INPUT MATERIAL below:

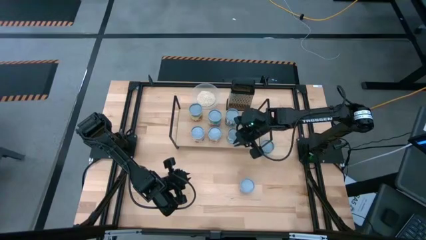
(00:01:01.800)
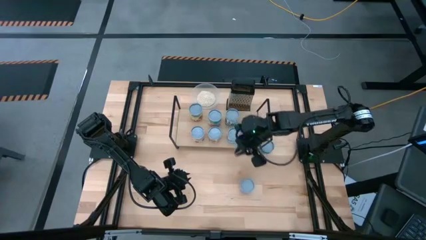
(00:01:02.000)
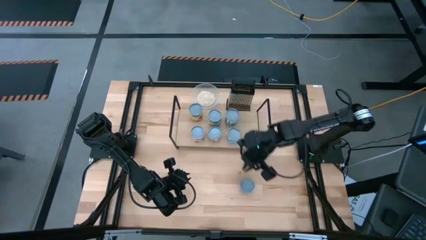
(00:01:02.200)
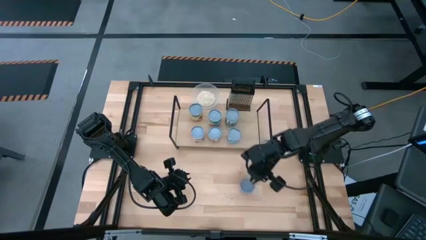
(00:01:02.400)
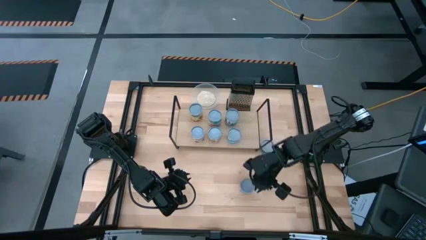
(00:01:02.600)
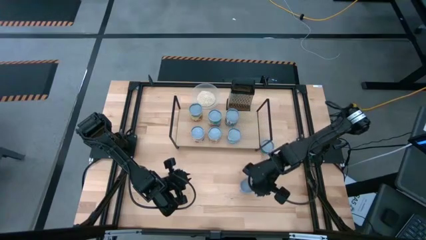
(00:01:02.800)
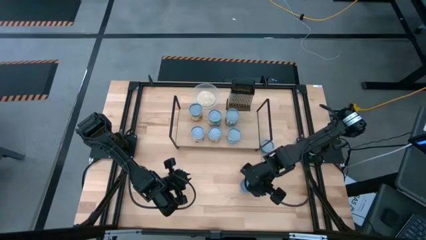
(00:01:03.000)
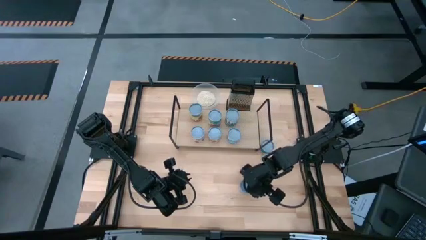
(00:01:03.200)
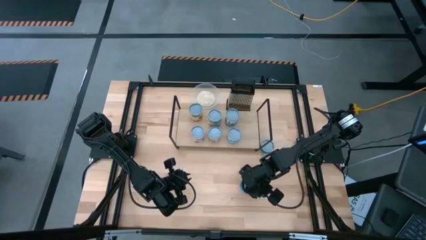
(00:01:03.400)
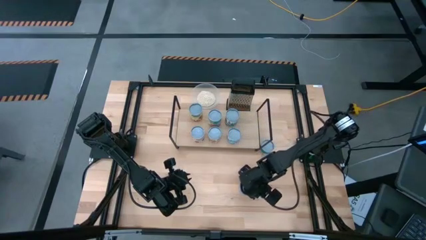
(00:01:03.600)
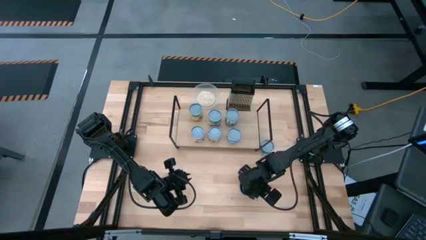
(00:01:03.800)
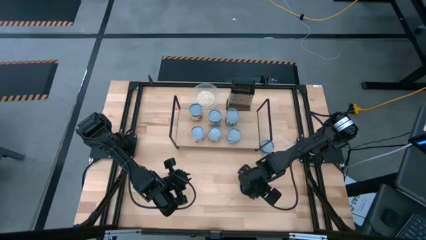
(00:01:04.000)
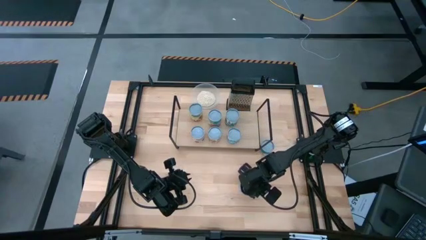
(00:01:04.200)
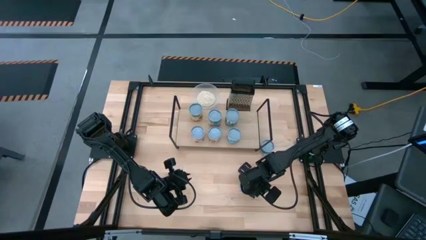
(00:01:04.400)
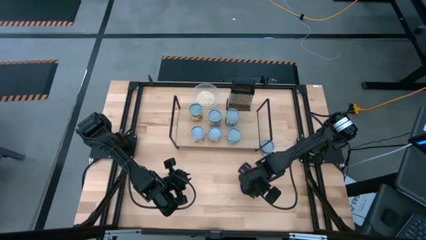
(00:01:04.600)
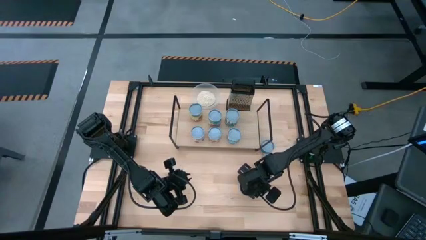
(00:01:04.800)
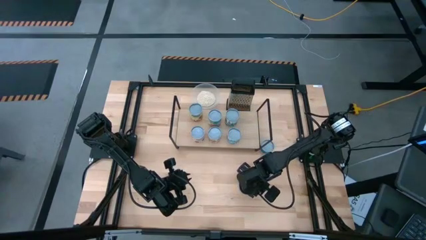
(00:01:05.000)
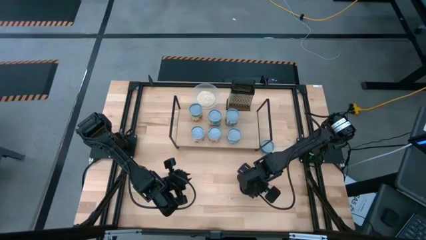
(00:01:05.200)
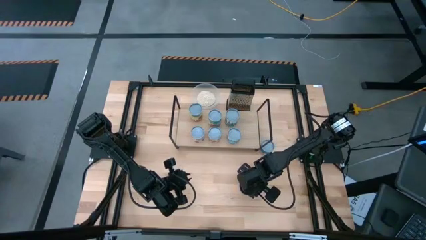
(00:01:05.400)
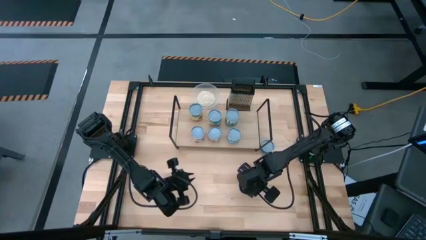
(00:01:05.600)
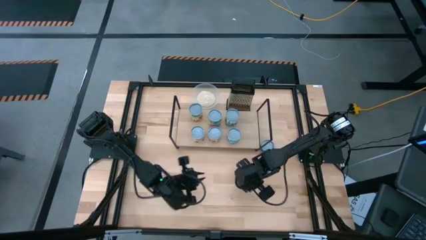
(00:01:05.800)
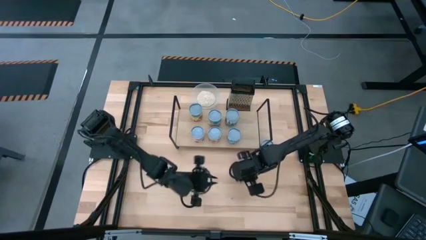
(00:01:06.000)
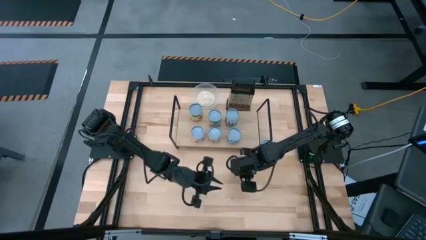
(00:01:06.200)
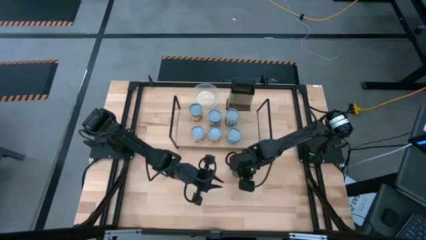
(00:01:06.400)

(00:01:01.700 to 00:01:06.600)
Task: Pick and place cans onto a shelf
Put the canned corn on the shelf

End of INPUT MATERIAL.

**WHAT TO PRODUCE**
Everything in the records above must be repeated exactly, except the pictures.

**WRITTEN RESPONSE**
(00:01:01.800)
(00:01:02.000)
(00:01:02.200)
(00:01:02.400)
(00:01:02.600)
(00:01:02.800)
(00:01:03.000)
(00:01:03.200)
(00:01:03.400)
(00:01:03.600)
(00:01:03.800)
(00:01:04.000)
(00:01:04.200)
(00:01:04.400)
(00:01:04.600)
(00:01:04.800)
(00:01:05.000)
(00:01:05.200)
(00:01:05.400)
(00:01:05.600)
(00:01:05.800)
(00:01:06.000)
(00:01:06.200)
(00:01:06.400)

(00:01:01.700 to 00:01:06.600)
Task: Pick and place cans onto a shelf
Put the canned corn on the shelf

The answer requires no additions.